The practical rule I follow is:
- Keep external dependencies at the edge of the system, not scattered through the core logic.
That small habit makes it easier to test alternatives, control costs, handle failures, and move faster when infrastructure or vendor conditions change.
Finally, to keep a fast-growing microservice healthy day to day, what single metric would you put at the top of the team’s dashboard?
The single metric I would put at the top of the dashboard is end-to-end successful completion rate.
For a fast-growing microservice, isolated metrics like CPU, memory, queue depth, or API latency are useful, but they do not always show whether the user’s workflow actually succeeded. A service can look healthy internally while users are still getting failed exports, incomplete results, or retry loops.
For example, in an AI generation pipeline, I care most about whether a user request successfully moves from input to final usable output. That includes:
- generation
- validation
- storage
- export
- delivery
If any step fails, the user experience fails, even if each individual service appears mostly healthy.
I would track this metric overall, but also break it down by key segments such as:
- region
- language
- input type
- output format
- request size
My rule is:
The top metric should reflect the user’s completed outcome, not just the service’s internal health.

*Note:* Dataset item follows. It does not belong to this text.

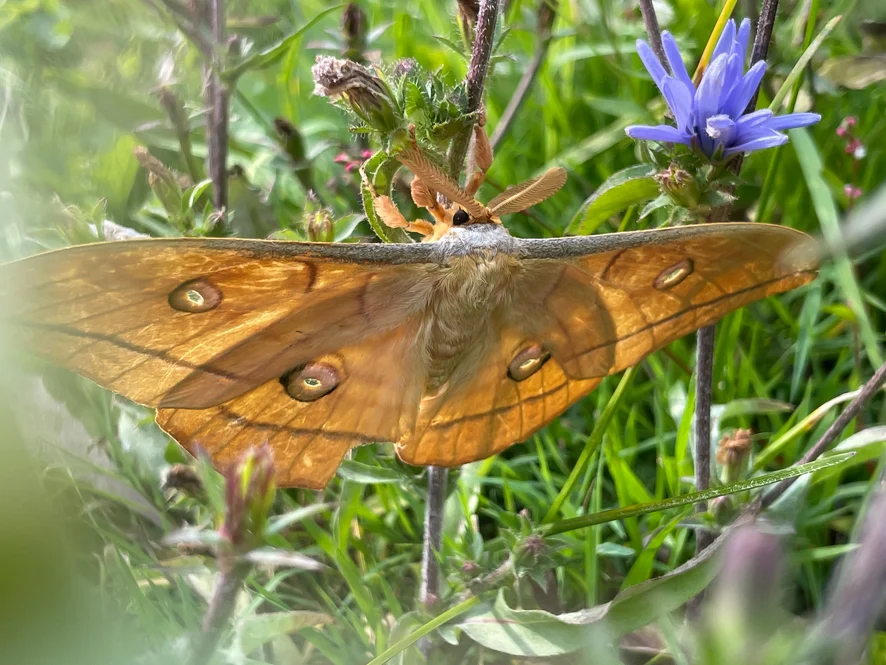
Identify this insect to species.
Antheraea yamamai

Once that number drops, the team can drill into latency, errors, queues, logs, and infrastructure metrics to find the cause.
Thanks for sharing your knowledge and expertise. Is there anything else you'd like to add?
Thank you for the opportunity to share my perspective.
The biggest lesson I have learned is that good software engineering is not only about choosing the right architecture or tools. It is about building systems that remain understandable, observable, and adaptable as real users interact with them in unexpected ways.
This is especially true for AI systems. The model is only one part of the product. Reliability often depends on the surrounding engineering: validation, retries, monitoring, data handling, export quality, and user experience. Small assumptions in these layers can create large problems at scale.
For me, the goal is to build AI-powered systems that are not just impressive in demos, but useful, reliable, and maintainable in real-world workflows.